BGH polyadenylation signal sequence;

e. kanamycin resistance sequence; and

PUC origin of replication sequence.

14. The method of claim 13, wherein the early promoter sequence in human cytomegalovirus is SEQ ID No. 1.

15. The method of claim 13, wherein the T7 initiation site sequence is SEQ ID NO. 2.

16. The method of claim 13, wherein the BGH polyadenylation signal sequence is SEQ ID No. 3.

17. The method of claim 13, wherein the kanamycin resistance sequence is SEQ ID No. 5.

18. A method as described in claim 13 wherein the pUC origin of replication sequence is SEQ ID NO. 4.

19. The method of claim 13, wherein the hSlo open reading frame sequence is SEQ ID No. 7.

20. The method of claim 19, wherein the hSlo open reading frame sequence has a single point mutation at nucleotide position 1054 of SEQ ID No. 7, and wherein said point mutation produces serine at position 352 of SEQ ID No. 8.

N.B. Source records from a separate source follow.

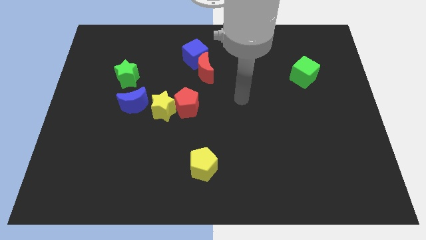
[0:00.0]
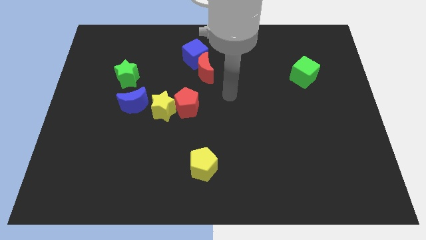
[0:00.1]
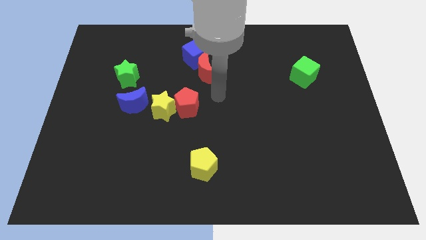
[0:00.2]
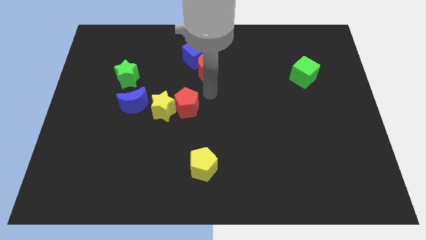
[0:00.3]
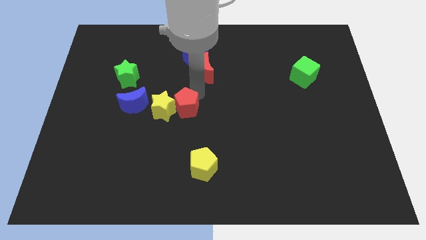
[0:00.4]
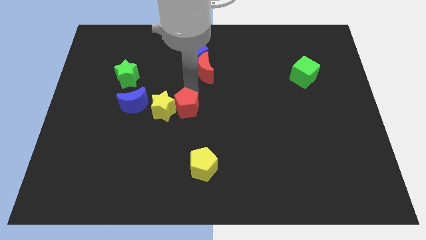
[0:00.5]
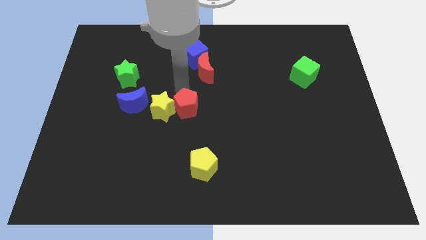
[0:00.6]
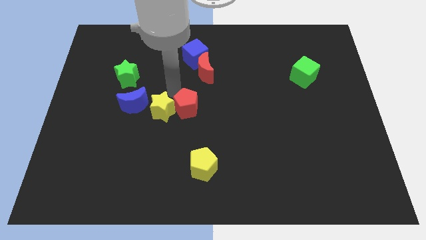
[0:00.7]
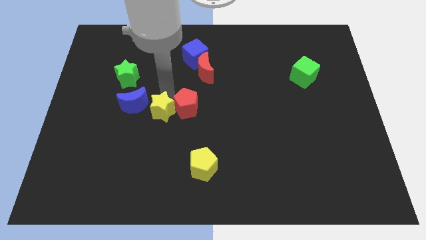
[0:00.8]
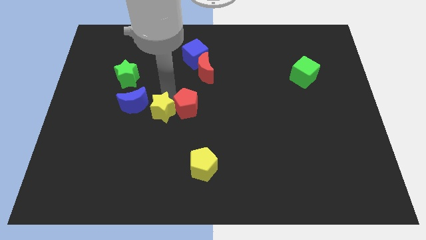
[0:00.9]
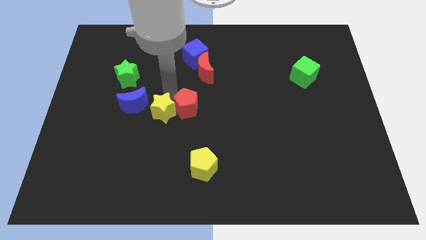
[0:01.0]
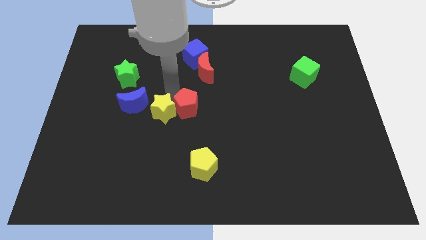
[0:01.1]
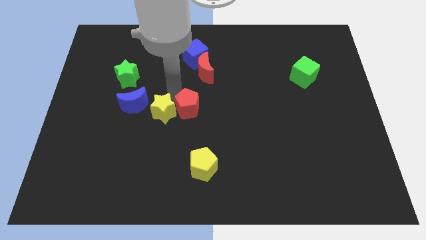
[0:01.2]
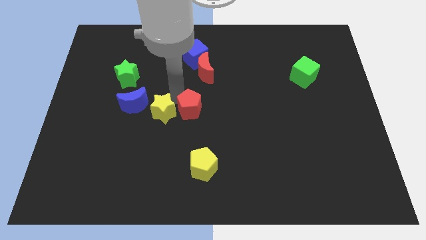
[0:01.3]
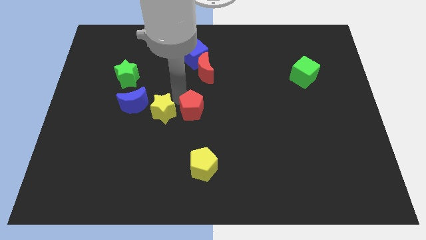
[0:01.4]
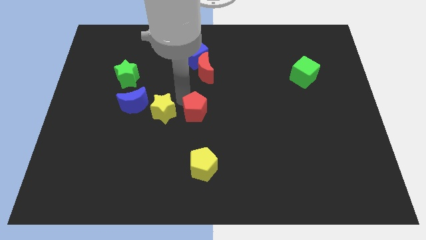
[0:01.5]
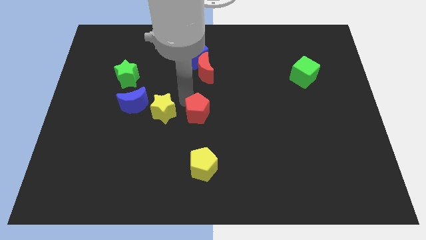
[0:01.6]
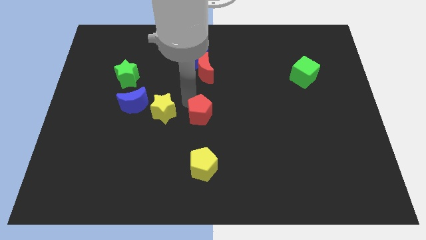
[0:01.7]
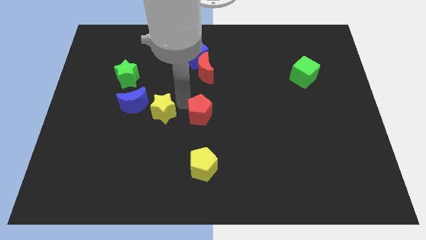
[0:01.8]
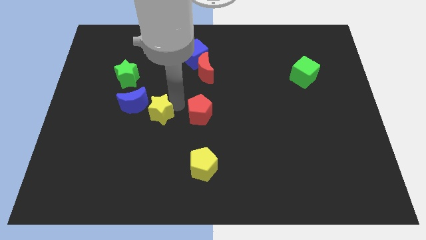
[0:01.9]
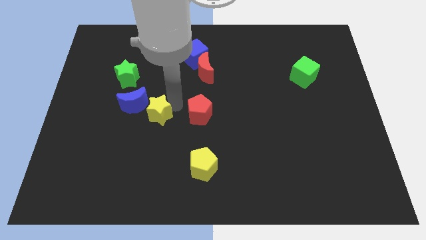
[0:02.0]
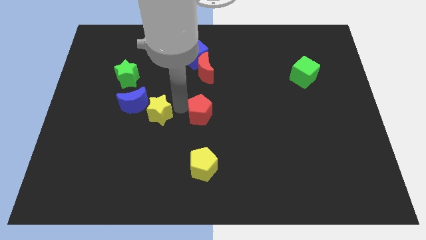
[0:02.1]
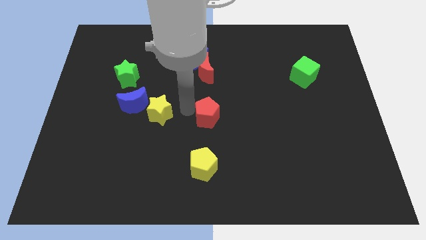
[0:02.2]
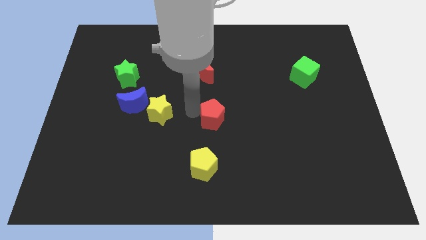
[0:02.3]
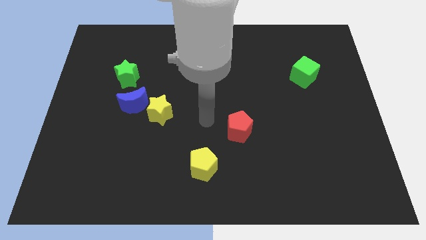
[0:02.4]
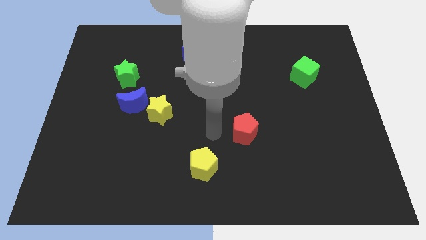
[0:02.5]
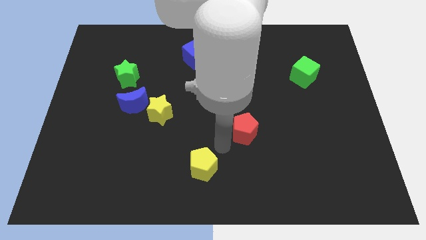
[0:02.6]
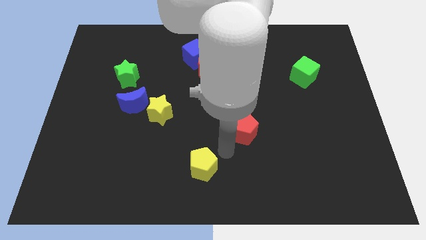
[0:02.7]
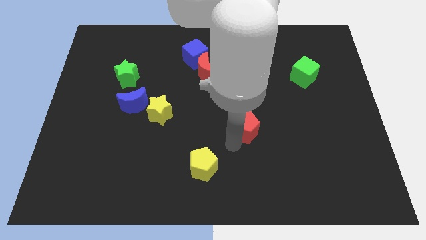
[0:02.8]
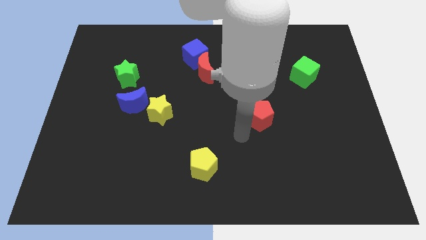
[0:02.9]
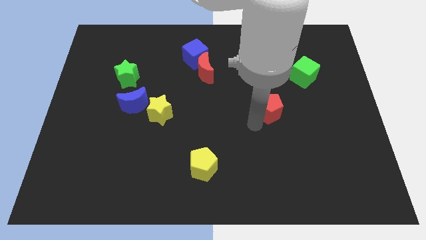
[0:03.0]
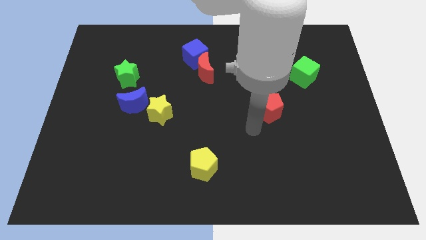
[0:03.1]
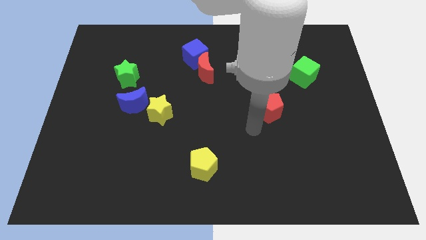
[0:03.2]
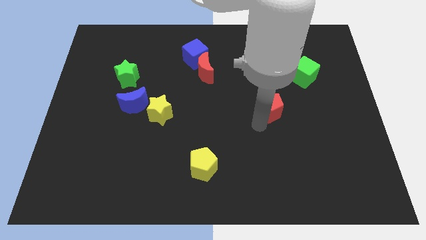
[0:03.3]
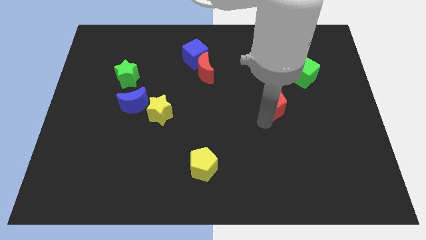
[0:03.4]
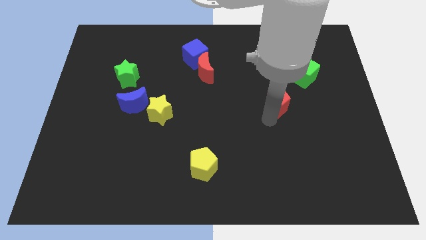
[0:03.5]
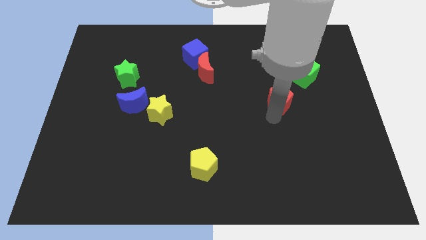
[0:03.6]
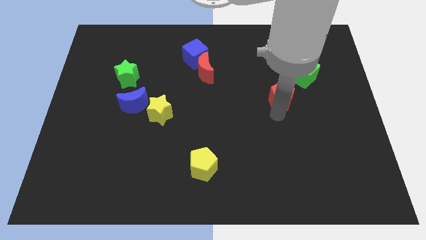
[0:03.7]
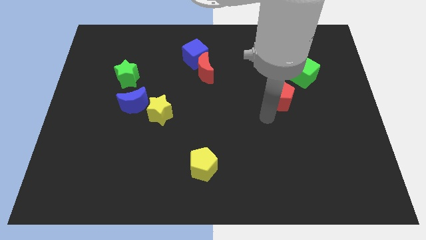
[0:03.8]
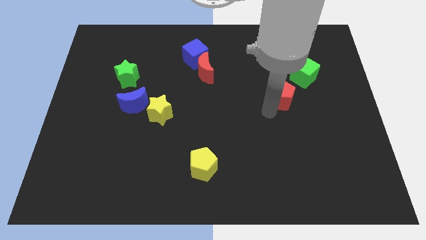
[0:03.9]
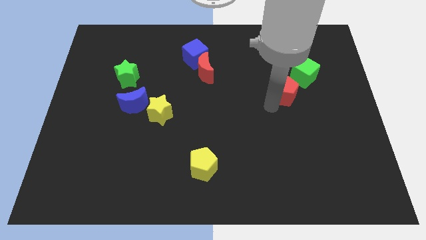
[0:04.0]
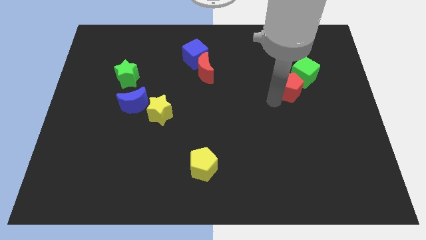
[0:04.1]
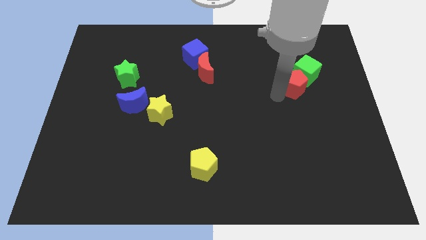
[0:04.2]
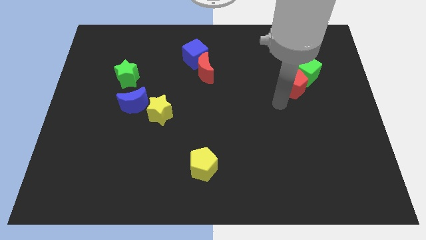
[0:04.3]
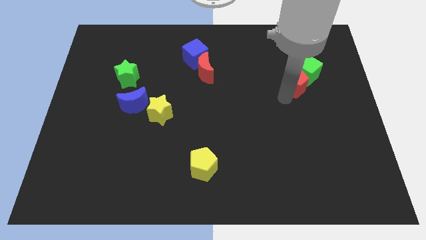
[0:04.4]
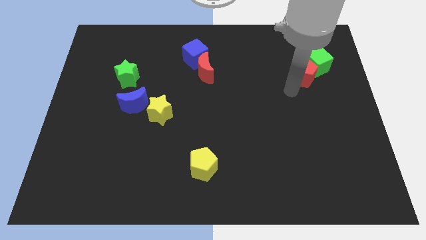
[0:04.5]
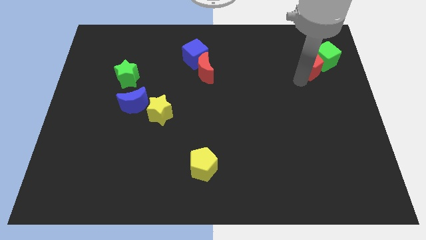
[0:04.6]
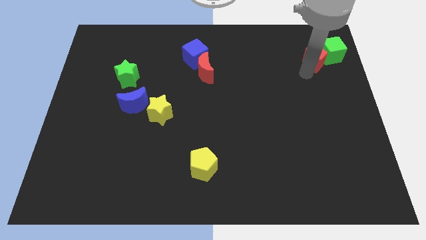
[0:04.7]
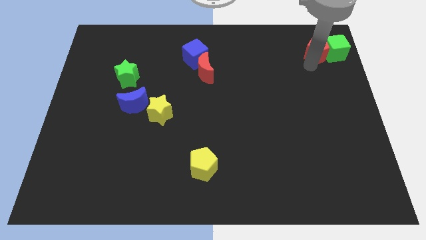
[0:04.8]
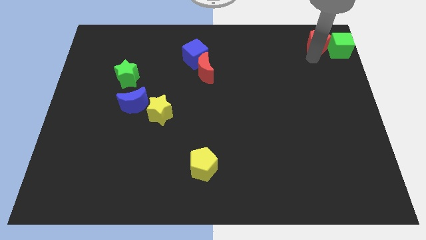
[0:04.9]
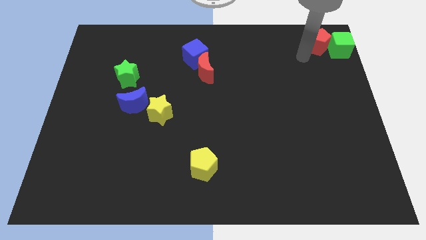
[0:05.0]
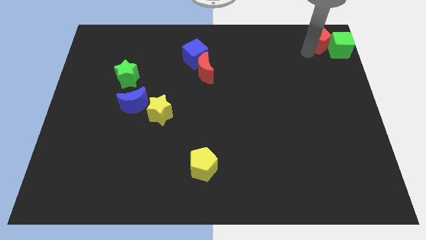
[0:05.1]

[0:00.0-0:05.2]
put the red pentagon to the top right of the board

21. A vector comprising nucleic acid elements in the following order:

g. an early promoter sequence in human cytomegalovirus comprising SEQ ID NO. 1;

h. a T7 priming site sequence comprising SEQ ID NO. 2;

i. hSlo open reading frame sequence comprising SEQ ID NO. 7;

j. A BGH polyadenylation signal sequence comprising SEQ ID No. 3;

k. A kanamycin resistance sequence comprising SEQ ID NO. 5; and

PUC origin of replication sequence comprising SEQ ID NO. 4.

22. The vector of claim 21, wherein the hSlo open reading frame sequence has a single point mutation at nucleotide position 1054 of SEQ ID No. 7, and wherein said point mutation produces serine at position 352 of SEQ ID No. 8.

23. The vector of claim 21 or 22, wherein the vector comprises a plasmid, an adenovirus vector, an adeno-associated virus (AAV) vector, a retrovirus vector, or a liposome.

24. The vector of claim 23, wherein the plasmid is pVAX.

25. A pharmaceutical composition comprising a plurality of carriers of claim 23 and a pharmaceutically acceptable diluent or carrier.

26. The pharmaceutical composition of claim 25, wherein the pharmaceutical composition is formulated for injection into smooth muscle.

27. The pharmaceutical composition of claim 25, wherein the plurality of carriers is combined with 20% -25% sucrose in saline solution.

28. The pharmaceutical composition of claim 25, wherein the unit dose is a single unit dose.

29. The pharmaceutical composition of claim 25, wherein the unit dose is between about 5,000-50,000 mcg.

30. The pharmaceutical composition of claim 25, wherein the unit dose is at least 10,000mcg.

31. The pharmaceutical composition of claim 25, wherein the unit dose is 16,000mcg or 24,000mcg.